An example of a Column Value Condition in AIV might be:

Condition Type: Column Value Condition

Condition: “Customer Age is greater than or equal to 18”

In this example, “Customer Age” is a column in the dataset, and the condition specifies that only records where the value in the “Customer Age” column is greater than or equal to 18 will be included in the data processing. This condition filters out any records where the customer’s age is below 18, effectively focusing the analysis on adult customers.

Expression Condition : Involves defining conditions using mathematical or logical expressions involving one or more columns.

An example of an Expression Condition in AIV might be:

Condition Type : Expression Condition

Expression: “Total Sales > 1000 AND Product Category = ‘Electronics’”

In this example, the condition is defined using an expression involving two columns: “Total Sales” and “Product Category.” The expression specifies that only records where the total sales are greater than 1000 and the product category is ‘Electronics’ will be included in the data processing.
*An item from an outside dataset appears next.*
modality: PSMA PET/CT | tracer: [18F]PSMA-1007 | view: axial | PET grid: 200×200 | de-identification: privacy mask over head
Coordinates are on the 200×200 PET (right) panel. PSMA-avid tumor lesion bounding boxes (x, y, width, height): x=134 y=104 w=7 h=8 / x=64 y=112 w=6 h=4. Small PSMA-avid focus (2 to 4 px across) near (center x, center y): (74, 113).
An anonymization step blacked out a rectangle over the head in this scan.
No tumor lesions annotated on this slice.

This condition filters the dataset to focus specifically on sales transactions involving electronics products with a total sale amount exceeding 1000.

Pattern Matching Condition : Allows users to specify conditions based on pattern matching or regular expressions within the data.
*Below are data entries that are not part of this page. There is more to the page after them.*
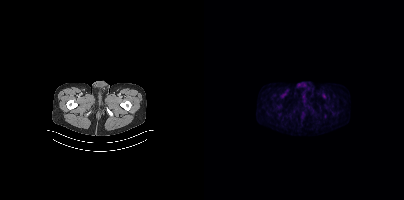
{"pet_grid":[200,200],"coord_frame":"pet_panel","coord_format":"x0,y0,x1,y1","psma_avid_lesions":false,"modality":"PSMA PET/CT","view":"axial","tracer":"18F-PSMA"}
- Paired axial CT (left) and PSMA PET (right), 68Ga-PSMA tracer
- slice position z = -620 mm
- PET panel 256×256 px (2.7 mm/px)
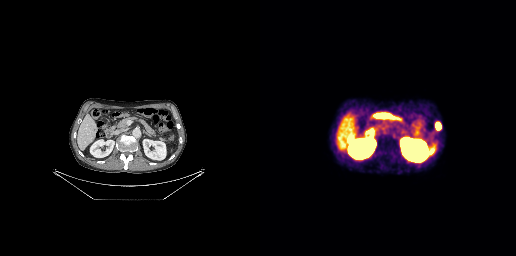
Findings: Coordinates are on the 256×256 PET (right) panel. PSMA-avid tumor lesion bounding box (x0,y0,x1,y1): [175,122,181,129].
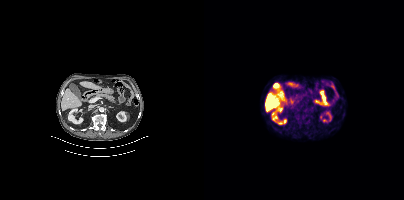
Paired axial CT (left) and PSMA PET (right), [18F]PSMA-1007 tracer. Acquired on Siemens Biograph mCT Flow 20. Slice position z = -1264 mm. PET panel 200×200 px (4.1 mm/px). No PSMA-avid tumor lesions on this slice.

An example of a Pattern Matching Condition in AIV might involve a scenario where you want to filter data based on specific text patterns within a column.

Condition Type: Pattern Matching Condition.
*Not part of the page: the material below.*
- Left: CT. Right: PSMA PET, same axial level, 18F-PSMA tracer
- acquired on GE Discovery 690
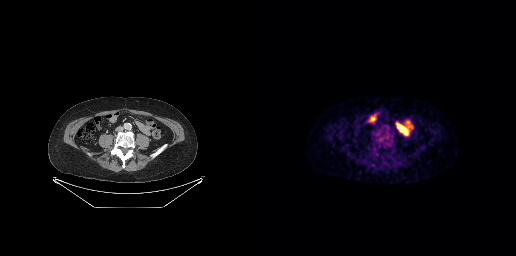
Findings: This slice has no annotated PSMA-avid lesion.

Pattern: “Email Address contains ‘@gmail.com’”

In this example, the condition filters the dataset to include only those records where the email addresses contain the domain “@gmail.com”. This pattern matching condition is useful for segmenting data based on specific text patterns, allowing you to focus on records that meet certain criteria within the dataset.

Logical Condition : Involves combining multiple conditions using logical operators such as AND, OR, or NOT to create complex filtering criteria.

In AIV, logical conditions allow users to combine multiple conditions using logical operators such as “AND” and “OR” to create more sophisticated filtering criteria.

AND Operator :

When using the “AND” operator, both conditions must be true for a record to be included in the result. For example, if you have conditions :

Customer Age is greater than or equal to 18
Product Category is ‘Electronics’

The result will include records where both conditions are satisfied. that is, customers aged 18 or older who purchased electronics.

OR Operator :

Conversely, when using the “OR” operator, if either condition is true, the record will be included in the result.
For example, using the same conditions as above:

Customer Age is greater than or equal to 18
Product Category is ‘Electronics’

The result will include records where either condition 1 or condition 2 is satisfied. that is, customers aged 18 or older or any purchase related to electronics. These logical operators provide users with flexibility in defining complex filtering conditions to tailor their analysis precisely to their needs.

By utilizing different condition types, users can effectively control and manipulate data flow within the pipeline to meet their specific analysis requirements.

By Default, conditions will be selected and a single line of field dropdown will be displayed. The user needs to select the column on which he wants to apply the condition.

Add Group/Condition: The “Add Group/Condition” feature in AIV enables users to create and group conditions using AND/OR logic for more complex filtering criteria.

Here’s how it works :

Add Group : This option allows users to create a new group of conditions. Within a group, conditions are evaluated together using AND or OR logic.

Add Condition : This option lets users add individual conditions to the existing group or a new group if none exists.

When users click on the “Add Group/Condition” button, they are prompted to choose one option from the list of two: "Add Group" or "Add Condition". This choice determines whether they want to create a new group of conditions or add a single condition to an existing group.

By utilizing this feature, users can create sophisticated filtering criteria by combining multiple conditions and groups of conditions using logical operators such as AND and OR.